Below are some records. Print exactly the lines between the one holding "#23711=EDGE_CURVE('',#23625,#23706,#23710,.T.);" and the one holding "#23730=EDGE_CURVE('',#23706,#23718,#23729,.T.);", inclusive, and nothing else.

## INPUT

* * * * * * * * *

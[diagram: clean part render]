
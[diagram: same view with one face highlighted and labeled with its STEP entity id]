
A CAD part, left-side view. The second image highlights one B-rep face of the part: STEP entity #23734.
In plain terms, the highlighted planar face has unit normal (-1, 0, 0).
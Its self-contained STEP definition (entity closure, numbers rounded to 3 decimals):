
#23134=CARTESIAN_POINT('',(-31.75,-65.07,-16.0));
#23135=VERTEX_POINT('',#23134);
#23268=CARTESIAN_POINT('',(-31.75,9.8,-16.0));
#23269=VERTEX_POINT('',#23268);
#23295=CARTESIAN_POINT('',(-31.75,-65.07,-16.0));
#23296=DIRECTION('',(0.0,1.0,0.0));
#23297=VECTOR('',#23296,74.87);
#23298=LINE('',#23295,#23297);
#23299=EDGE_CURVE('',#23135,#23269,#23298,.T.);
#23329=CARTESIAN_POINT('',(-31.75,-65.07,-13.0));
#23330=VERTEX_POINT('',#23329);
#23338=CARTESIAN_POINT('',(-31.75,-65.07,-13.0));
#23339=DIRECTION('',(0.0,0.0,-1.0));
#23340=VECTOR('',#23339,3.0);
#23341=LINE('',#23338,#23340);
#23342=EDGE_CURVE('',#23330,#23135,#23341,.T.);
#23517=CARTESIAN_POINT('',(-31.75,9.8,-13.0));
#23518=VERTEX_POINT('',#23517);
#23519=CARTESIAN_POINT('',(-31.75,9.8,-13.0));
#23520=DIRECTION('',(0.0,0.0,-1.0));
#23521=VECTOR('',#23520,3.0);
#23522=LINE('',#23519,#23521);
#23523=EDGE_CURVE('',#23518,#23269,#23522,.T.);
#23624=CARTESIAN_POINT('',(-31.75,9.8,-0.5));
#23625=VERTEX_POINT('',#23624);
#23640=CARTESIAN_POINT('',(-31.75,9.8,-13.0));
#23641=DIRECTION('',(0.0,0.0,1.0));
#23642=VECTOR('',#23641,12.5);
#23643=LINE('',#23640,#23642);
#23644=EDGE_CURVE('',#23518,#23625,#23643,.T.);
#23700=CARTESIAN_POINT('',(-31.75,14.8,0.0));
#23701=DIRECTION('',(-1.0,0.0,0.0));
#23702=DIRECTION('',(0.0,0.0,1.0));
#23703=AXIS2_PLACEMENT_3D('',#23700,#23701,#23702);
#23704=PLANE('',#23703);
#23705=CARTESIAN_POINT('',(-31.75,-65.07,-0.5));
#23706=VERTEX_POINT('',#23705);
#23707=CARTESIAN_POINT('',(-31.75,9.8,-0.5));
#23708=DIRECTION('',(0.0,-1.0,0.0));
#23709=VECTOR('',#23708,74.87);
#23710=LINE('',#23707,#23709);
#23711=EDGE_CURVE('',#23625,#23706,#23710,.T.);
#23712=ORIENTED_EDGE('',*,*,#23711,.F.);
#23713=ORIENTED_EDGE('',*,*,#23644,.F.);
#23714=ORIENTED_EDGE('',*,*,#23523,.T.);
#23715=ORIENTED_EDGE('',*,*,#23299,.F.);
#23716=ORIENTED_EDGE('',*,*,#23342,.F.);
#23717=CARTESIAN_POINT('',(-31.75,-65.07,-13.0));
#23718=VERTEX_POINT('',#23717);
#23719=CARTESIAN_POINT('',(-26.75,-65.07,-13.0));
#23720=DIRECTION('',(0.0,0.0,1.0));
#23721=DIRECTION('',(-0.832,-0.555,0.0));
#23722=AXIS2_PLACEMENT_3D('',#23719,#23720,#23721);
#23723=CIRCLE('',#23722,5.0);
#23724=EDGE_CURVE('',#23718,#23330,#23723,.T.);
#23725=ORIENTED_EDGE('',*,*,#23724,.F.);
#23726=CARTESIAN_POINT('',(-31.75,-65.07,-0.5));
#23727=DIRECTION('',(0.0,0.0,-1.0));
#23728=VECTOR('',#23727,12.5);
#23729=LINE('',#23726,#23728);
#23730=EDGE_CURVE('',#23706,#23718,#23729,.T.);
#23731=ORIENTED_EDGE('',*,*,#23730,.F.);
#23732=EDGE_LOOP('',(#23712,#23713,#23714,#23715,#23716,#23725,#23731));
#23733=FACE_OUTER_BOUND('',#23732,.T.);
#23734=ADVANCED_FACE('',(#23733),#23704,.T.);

* * * * * * * * *

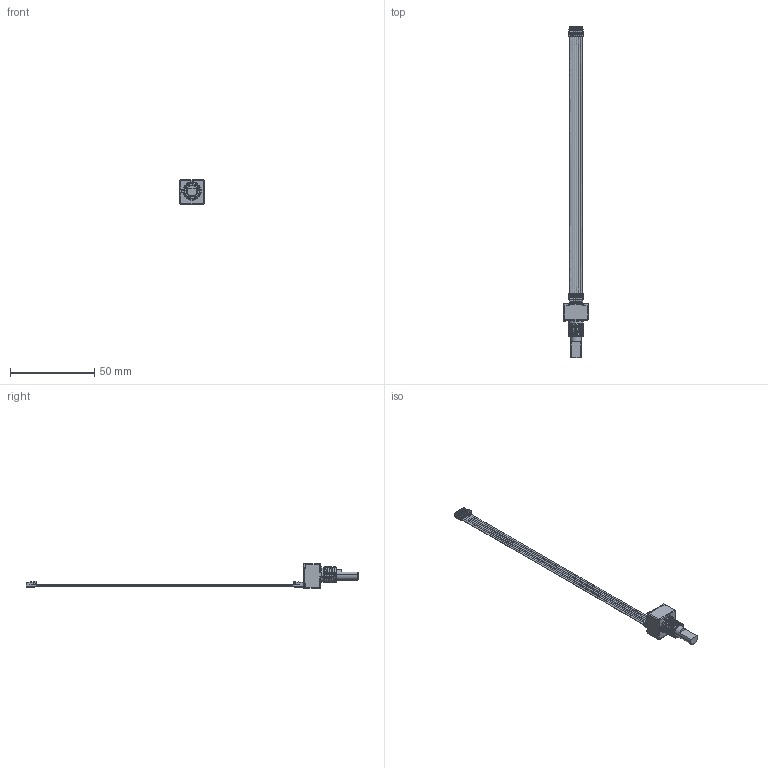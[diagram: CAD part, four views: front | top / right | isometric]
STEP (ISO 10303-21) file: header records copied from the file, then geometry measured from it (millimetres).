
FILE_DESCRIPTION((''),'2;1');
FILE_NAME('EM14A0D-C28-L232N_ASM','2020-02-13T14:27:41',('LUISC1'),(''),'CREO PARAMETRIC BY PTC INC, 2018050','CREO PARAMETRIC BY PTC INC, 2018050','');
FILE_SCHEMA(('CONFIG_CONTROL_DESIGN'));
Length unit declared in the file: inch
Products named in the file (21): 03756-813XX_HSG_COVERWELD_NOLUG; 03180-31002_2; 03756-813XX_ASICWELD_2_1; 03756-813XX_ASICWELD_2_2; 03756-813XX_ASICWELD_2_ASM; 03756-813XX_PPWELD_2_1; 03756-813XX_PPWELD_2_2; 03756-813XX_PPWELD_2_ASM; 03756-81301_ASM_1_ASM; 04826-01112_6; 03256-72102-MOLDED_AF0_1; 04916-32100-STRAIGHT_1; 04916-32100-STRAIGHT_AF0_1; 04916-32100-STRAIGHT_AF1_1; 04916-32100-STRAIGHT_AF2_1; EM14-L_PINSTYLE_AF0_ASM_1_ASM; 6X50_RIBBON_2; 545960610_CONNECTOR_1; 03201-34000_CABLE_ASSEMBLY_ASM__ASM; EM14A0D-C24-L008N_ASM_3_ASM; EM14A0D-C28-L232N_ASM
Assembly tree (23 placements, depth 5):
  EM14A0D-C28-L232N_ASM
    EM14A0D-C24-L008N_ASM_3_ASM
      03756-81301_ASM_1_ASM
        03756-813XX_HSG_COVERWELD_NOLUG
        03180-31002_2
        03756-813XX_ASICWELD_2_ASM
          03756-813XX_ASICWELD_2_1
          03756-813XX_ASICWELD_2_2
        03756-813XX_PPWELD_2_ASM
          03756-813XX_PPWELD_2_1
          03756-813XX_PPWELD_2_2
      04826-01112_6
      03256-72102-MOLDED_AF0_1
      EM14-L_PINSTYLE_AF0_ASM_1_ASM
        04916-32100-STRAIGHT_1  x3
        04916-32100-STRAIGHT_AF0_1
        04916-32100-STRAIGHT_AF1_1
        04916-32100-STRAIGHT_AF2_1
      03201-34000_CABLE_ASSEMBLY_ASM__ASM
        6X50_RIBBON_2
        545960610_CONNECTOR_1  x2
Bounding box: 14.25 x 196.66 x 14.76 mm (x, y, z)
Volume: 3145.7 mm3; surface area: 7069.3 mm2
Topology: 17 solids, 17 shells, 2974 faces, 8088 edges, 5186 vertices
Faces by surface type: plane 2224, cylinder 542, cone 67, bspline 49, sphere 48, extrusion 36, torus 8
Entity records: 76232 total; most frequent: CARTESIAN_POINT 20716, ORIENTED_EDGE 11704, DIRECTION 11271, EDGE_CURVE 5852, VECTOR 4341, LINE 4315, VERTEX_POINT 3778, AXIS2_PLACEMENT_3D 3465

* * * * * * * * *

## PROBLEM SOLUTION
#23711=EDGE_CURVE('',#23625,#23706,#23710,.T.);
#23712=ORIENTED_EDGE('',*,*,#23711,.F.);
#23713=ORIENTED_EDGE('',*,*,#23644,.F.);
#23714=ORIENTED_EDGE('',*,*,#23523,.T.);
#23715=ORIENTED_EDGE('',*,*,#23299,.F.);
#23716=ORIENTED_EDGE('',*,*,#23342,.F.);
#23717=CARTESIAN_POINT('',(-31.75,-65.07,-13.0));
#23718=VERTEX_POINT('',#23717);
#23719=CARTESIAN_POINT('',(-26.75,-65.07,-13.0));
#23720=DIRECTION('',(0.0,0.0,1.0));
#23721=DIRECTION('',(-0.832,-0.555,0.0));
#23722=AXIS2_PLACEMENT_3D('',#23719,#23720,#23721);
#23723=CIRCLE('',#23722,5.0);
#23724=EDGE_CURVE('',#23718,#23330,#23723,.T.);
#23725=ORIENTED_EDGE('',*,*,#23724,.F.);
#23726=CARTESIAN_POINT('',(-31.75,-65.07,-0.5));
#23727=DIRECTION('',(0.0,0.0,-1.0));
#23728=VECTOR('',#23727,12.5);
#23729=LINE('',#23726,#23728);
#23730=EDGE_CURVE('',#23706,#23718,#23729,.T.);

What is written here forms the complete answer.